▶ [PROBLEM TO WORK ON] Transcribe the entries below exactly from their first line through the line containing "Question: Title of the movie is?", and let no picture into the copy.

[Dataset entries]
____________________

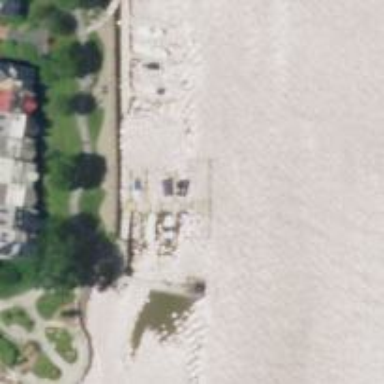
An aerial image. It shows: Man-made pier.
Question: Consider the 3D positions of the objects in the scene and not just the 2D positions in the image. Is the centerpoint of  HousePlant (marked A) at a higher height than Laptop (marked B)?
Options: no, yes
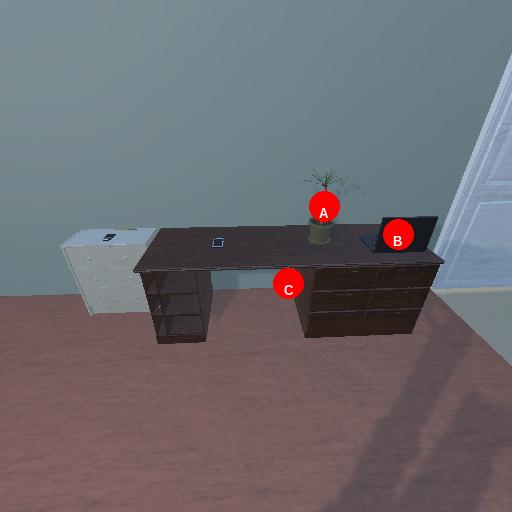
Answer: no
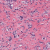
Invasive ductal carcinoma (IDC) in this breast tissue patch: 1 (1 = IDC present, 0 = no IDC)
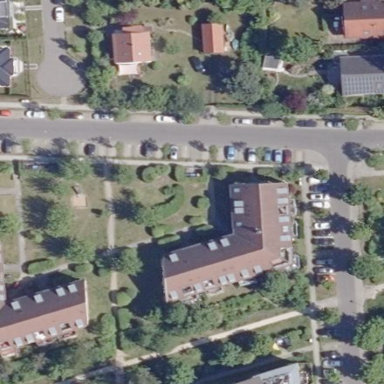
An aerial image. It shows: Gabled roofed apartment building with red roof and yellow exterior.
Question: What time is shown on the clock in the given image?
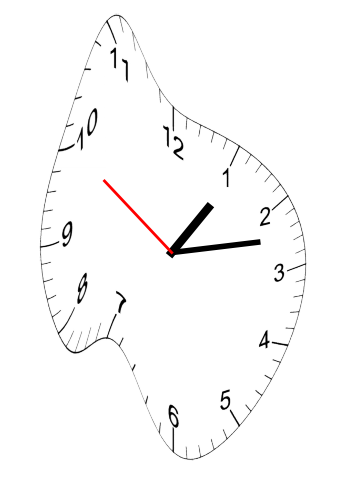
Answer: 01:12:50
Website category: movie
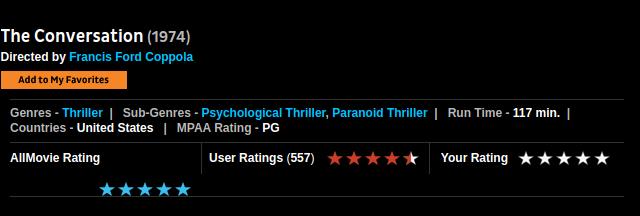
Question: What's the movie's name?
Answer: The Conversation

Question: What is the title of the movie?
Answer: The Conversation

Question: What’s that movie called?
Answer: The Conversation

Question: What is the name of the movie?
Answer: The Conversation

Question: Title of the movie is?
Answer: The Conversation

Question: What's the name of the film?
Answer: The Conversation

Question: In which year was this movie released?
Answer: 1974

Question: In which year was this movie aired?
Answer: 1974

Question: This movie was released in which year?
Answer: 1974

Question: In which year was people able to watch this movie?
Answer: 1974

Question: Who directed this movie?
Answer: Francis Ford Coppola

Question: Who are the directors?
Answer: Francis Ford Coppola

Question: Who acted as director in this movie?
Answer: Francis Ford Coppola

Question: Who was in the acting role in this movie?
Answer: Francis Ford Coppola

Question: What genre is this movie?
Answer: Thriller

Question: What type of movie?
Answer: Thriller

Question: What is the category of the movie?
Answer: Thriller

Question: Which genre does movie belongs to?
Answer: Thriller

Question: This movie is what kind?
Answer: Thriller

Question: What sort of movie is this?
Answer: Thriller

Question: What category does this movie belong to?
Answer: Thriller

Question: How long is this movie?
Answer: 117 min.

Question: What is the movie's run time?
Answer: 117 min.

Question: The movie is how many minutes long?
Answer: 117 min.

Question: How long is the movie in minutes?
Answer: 117 min.

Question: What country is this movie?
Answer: United States

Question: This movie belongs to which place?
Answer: United States

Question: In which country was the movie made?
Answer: United States

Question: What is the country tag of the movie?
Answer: United States

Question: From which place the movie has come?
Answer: United States
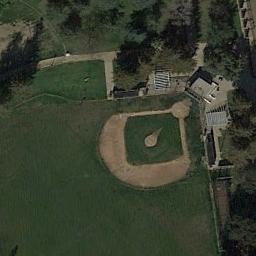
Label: baseball_diamond
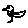
Label: bird
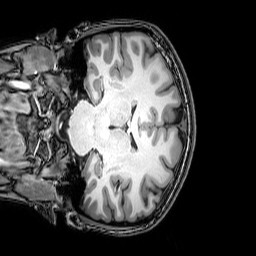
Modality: T1w
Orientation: coronal
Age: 18
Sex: female
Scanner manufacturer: philips
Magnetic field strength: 3 T
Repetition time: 0.008113 s
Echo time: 0.003709 s
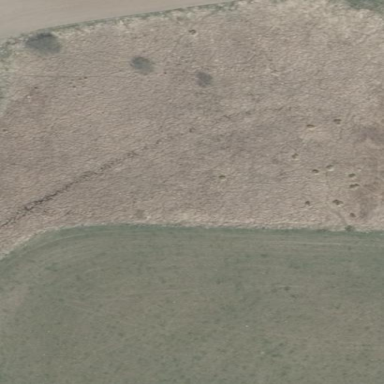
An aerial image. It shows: Beautiful wet meadow natural wetland.
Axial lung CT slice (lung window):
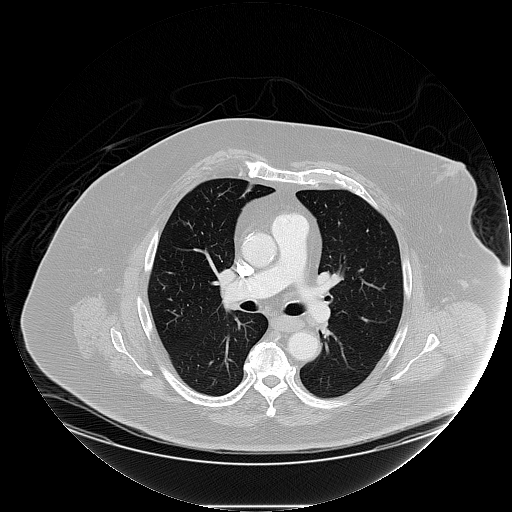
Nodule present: no
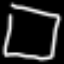
Label: square
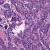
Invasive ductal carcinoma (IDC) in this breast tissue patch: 1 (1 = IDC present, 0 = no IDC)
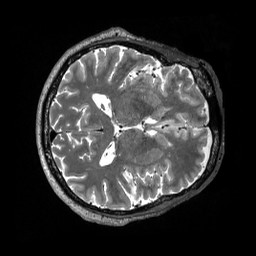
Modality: T2w
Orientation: axial
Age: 72
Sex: male
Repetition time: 3.2 s
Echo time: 0.563 s
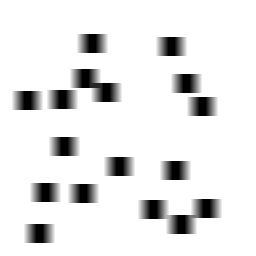
Squares: 17
Triangles: 0
Stars: 0
Total shapes: 17
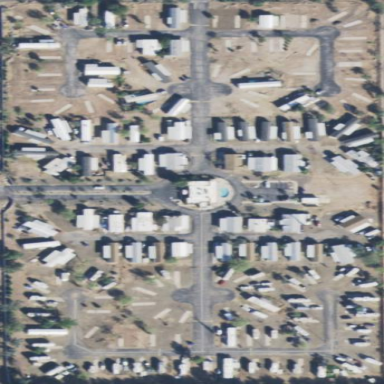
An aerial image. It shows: Residential area known as trailer park.
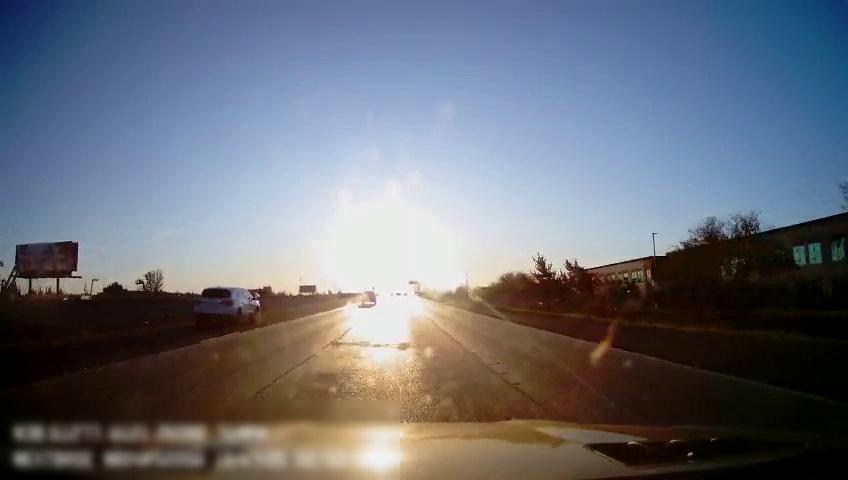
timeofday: Day
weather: Sunny
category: Drivable Space
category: Vehicles | SUV
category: Vehicles | Car
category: Lanes | Alternate Lane
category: Lanes | Alternate Lane
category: Lanes | Current Lane
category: Lanes | Alternate Lane
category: Lanes | Current Lane
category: Traffic | Signs

____________________

▶ [COMPLETED EXERCISE]
An aerial image. It shows: Man-made pier.
Question: Consider the 3D positions of the objects in the scene and not just the 2D positions in the image. Is the centerpoint of  HousePlant (marked A) at a higher height than Laptop (marked B)?
Options: no, yes
Answer: no
Invasive ductal carcinoma (IDC) in this breast tissue patch: 1 (1 = IDC present, 0 = no IDC)
An aerial image. It shows: Gabled roofed apartment building with red roof and yellow exterior.
Question: What time is shown on the clock in the given image?
Answer: 01:12:50
Website category: movie
Question: What's the movie's name?
Answer: The Conversation

Question: What is the title of the movie?
Answer: The Conversation

Question: What’s that movie called?
Answer: The Conversation

Question: What is the name of the movie?
Answer: The Conversation

Question: Title of the movie is?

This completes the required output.